4: End to zero-hour contracts or "virtually worthless" reforms?
Both the Labour Party and SNP say they will ban zero-hour contracts outright, but with the other parties it is harder to know where you stand.
The Liberal Democrats offer one solution that has already been roundly criticised and described as virtually worthless"> by the TUC – the right to request guaranteed hours. For most zero-hour workers this will be a right in name only, as they have no right to receive guaranteed hours, and may find their hours being "zeroed out" if they make this request.
While the Conservative Party has said nothing in particular about zero-hour contracts, it is likely their response will be based on the result of the Taylor Review, and according to recent BBC reports Taylor will recommend the Right to Request.

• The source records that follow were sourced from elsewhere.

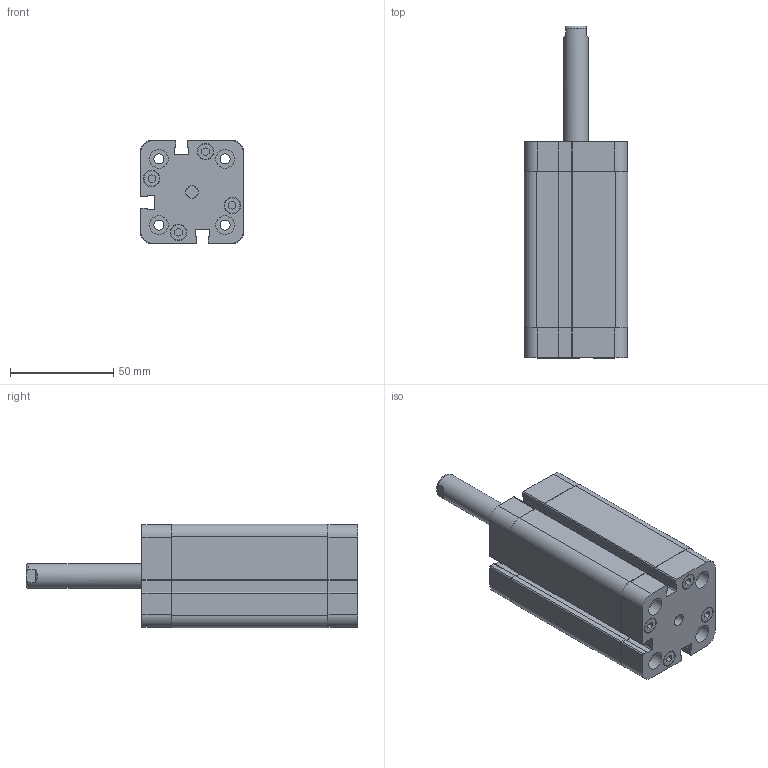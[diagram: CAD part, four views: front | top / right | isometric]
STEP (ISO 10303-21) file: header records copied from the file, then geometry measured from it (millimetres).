
FILE_DESCRIPTION((''),'2;1');
FILE_NAME('ASEM032.050.GS.F.stp','2011-09-01T14:35:58',('Administrator'),(''),'Autodesk Inventor 2012','Autodesk Inventor 2012','');
FILE_SCHEMA(('AUTOMOTIVE_DESIGN { 1 0 10303 214 1 1 1 1 }'));
Length unit declared in the file: millimetre
Products named in the file (1): ASEM032.050.GS.F
Bounding box: 50.1 x 160.5 x 50.1 mm (x, y, z)
Volume: 238788.6 mm3; surface area: 41026.4 mm2
Topology: 1 solids, 1 shells, 297 faces, 771 edges, 514 vertices
Faces by surface type: plane 176, cylinder 119, cone 1, torus 1
Full cylindrical faces by diameter (mm): 4.917 x5, 6 x1, 6.25 x1, 7.5 x8, 8 x8, 8.566 x2, 9 x8, 12 x1, 13.6 x1
Entity records: 9290 total; most frequent: CARTESIAN_POINT 1580, DIRECTION 1566, ORIENTED_EDGE 1460, EDGE_CURVE 730, AXIS2_PLACEMENT_3D 540, VERTEX_POINT 510, VECTOR 486, LINE 486

The Liberal Democrats also offer a consultation held at a later date to consider whether or not zero-hour workers who do regular hours should have the right to a contract that reflects those hours after a certain period of time.

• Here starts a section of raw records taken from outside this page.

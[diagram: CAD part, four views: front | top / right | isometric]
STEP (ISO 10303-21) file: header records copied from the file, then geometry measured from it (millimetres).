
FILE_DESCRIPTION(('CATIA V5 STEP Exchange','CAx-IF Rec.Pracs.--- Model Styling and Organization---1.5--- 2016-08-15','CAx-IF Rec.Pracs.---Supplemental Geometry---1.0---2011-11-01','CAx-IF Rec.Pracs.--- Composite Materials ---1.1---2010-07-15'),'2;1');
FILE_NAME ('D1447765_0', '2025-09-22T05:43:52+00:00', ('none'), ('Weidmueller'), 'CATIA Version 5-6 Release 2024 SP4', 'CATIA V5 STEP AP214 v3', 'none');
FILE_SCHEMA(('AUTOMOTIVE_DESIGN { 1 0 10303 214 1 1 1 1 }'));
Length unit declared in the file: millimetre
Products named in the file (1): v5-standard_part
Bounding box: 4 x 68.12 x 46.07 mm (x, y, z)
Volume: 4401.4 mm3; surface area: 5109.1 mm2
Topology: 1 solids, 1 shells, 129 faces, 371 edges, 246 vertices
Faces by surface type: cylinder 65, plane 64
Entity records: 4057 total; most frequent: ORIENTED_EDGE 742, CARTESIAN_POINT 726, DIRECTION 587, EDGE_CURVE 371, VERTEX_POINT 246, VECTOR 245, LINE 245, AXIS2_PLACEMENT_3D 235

5: End anti-trade union laws, or continue to restrict trade union rights?
The Labour Party is the only major party to promise that it will repeal the widely criticised Trade Union Act, which has been described as draconian and vindictive anti-trade union legislation and which Wales is currently trying to repeal insofar as it affects Welsh public sector workers. The SNP has also pledged to repeal the Act.
Among the many restrictions on trade unions introduced through the Act are laws that make it more difficult for workers to call a strike that in some cases will mean that industrial action cannot be taken even if most of the workers who voted on the issue were in support of a strike.

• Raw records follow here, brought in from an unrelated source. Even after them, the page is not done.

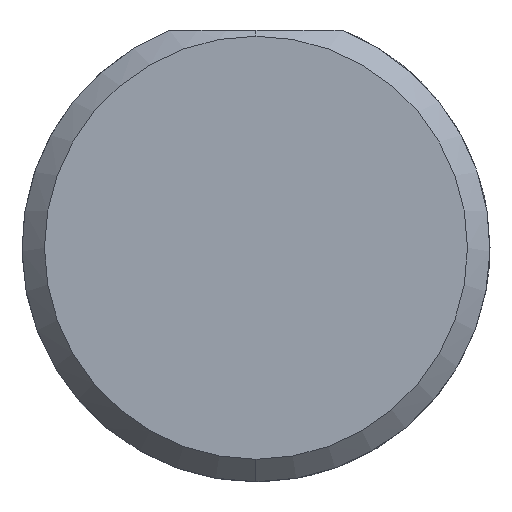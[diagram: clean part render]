
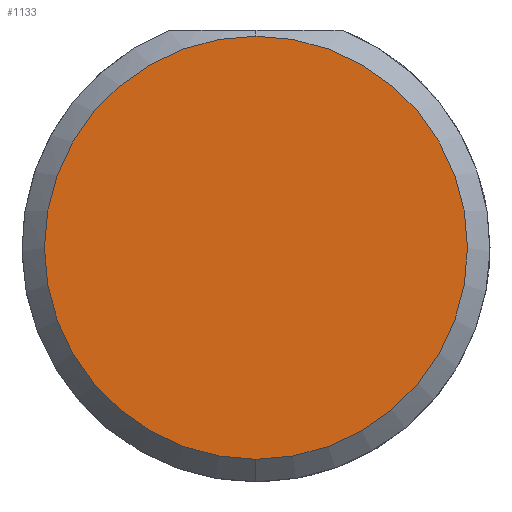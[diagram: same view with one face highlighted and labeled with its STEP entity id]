
A CAD part, left-side view. The second image highlights one B-rep face of the part: STEP entity #1133.
In plain terms, the highlighted planar face has unit normal (-1, 0, 0).
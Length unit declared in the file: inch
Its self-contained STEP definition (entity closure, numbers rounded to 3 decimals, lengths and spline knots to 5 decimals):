
#24 = VERTEX_POINT ( 'NONE', #630 ) ;
#80 = PLANE ( 'NONE',  #104 ) ;
#104 = AXIS2_PLACEMENT_3D ( 'NONE', #592, #479, #864 ) ;
#114 = EDGE_LOOP ( 'NONE', ( #757, #1239 ) ) ;
#150 = DIRECTION ( 'NONE',  ( 0., 0., -1. ) ) ;
#174 = CIRCLE ( 'NONE', #1170, 0.1411 ) ;
#192 = CARTESIAN_POINT ( 'NONE',  ( 0., 0., 0. ) ) ;
#277 = FACE_OUTER_BOUND ( 'NONE', #114, .T. ) ;
#405 = DIRECTION ( 'NONE',  ( -1., 0., 0. ) ) ;
#410 = DIRECTION ( 'NONE',  ( 0., 0., -1. ) ) ;
#479 = DIRECTION ( 'NONE',  ( 1., 0., 0. ) ) ;
#494 = AXIS2_PLACEMENT_3D ( 'NONE', #632, #1015, #150 ) ;
#571 = CARTESIAN_POINT ( 'NONE',  ( 0., 0., -0.1411 ) ) ;
#592 = CARTESIAN_POINT ( 'NONE',  ( 0., 0., 0. ) ) ;
#616 = VERTEX_POINT ( 'NONE', #571 ) ;
#630 = CARTESIAN_POINT ( 'NONE',  ( 0., 0., 0.1411 ) ) ;
#632 = CARTESIAN_POINT ( 'NONE',  ( 0., 0., 0. ) ) ;
#718 = CIRCLE ( 'NONE', #494, 0.1411 ) ;
#757 = ORIENTED_EDGE ( 'NONE', *, *, #920, .T. ) ;
#864 = DIRECTION ( 'NONE',  ( 0., 0., -1. ) ) ;
#920 = EDGE_CURVE ( 'NONE', #616, #24, #174, .T. ) ;
#1015 = DIRECTION ( 'NONE',  ( -1., 0., 0. ) ) ;
#1070 = EDGE_CURVE ( 'NONE', #24, #616, #718, .T. ) ;
#1133 = ADVANCED_FACE ( 'NONE', ( #277 ), #80, .F. ) ;
#1170 = AXIS2_PLACEMENT_3D ( 'NONE', #192, #405, #410 ) ;
#1239 = ORIENTED_EDGE ( 'NONE', *, *, #1070, .T. ) ;

6: A democratic voice for workers, or continued protection of the elite?
The Labour Party manifesto is the only one to offer wide-ranging reform of the employer-worker relationship, and even the government-worker relationship, to ensure that the average person has a voice both at the workplace and at Westminster.
Through the establishment of a Ministry of Labour, the interests of the UK's 31 million workers will be represented in parliament. By the extension of sectoral collective bargaining and other laws that make it easier for workers to join and engage with a union, they will be able to negotiate for fair wages and conditions at work.
Both the Conservative and Liberal Democrat Parties admit that employee engagement is an urgent issue, and it is expected that the Taylor Review will highlight the need to give workers a voice. Indeed, it has been shown time and time again that better engagement leads to higher productivity – something the UK desperately needs at a time our productivity gap with our major G7 competitors is at the widest it has ever been.
However, the Conservatives and Liberal Democrats offer much less to turn this situation around. While the Liberal Democrats promise to put workers' representatives on boards through a German-style two tier system; the Tories don't even go that far, suggesting instead that a non-executive director can act as a conduit for workers' voices.
The problem with these much softer approaches is that without collectively organising, workers find it very difficult to raise their voice in the workplace. There is an inherent imbalance of power in the employer-worker relationship that is corrected when workers pull together. Working as a collective, workers have the leverage they require for a fair negotiation on wages and conditions.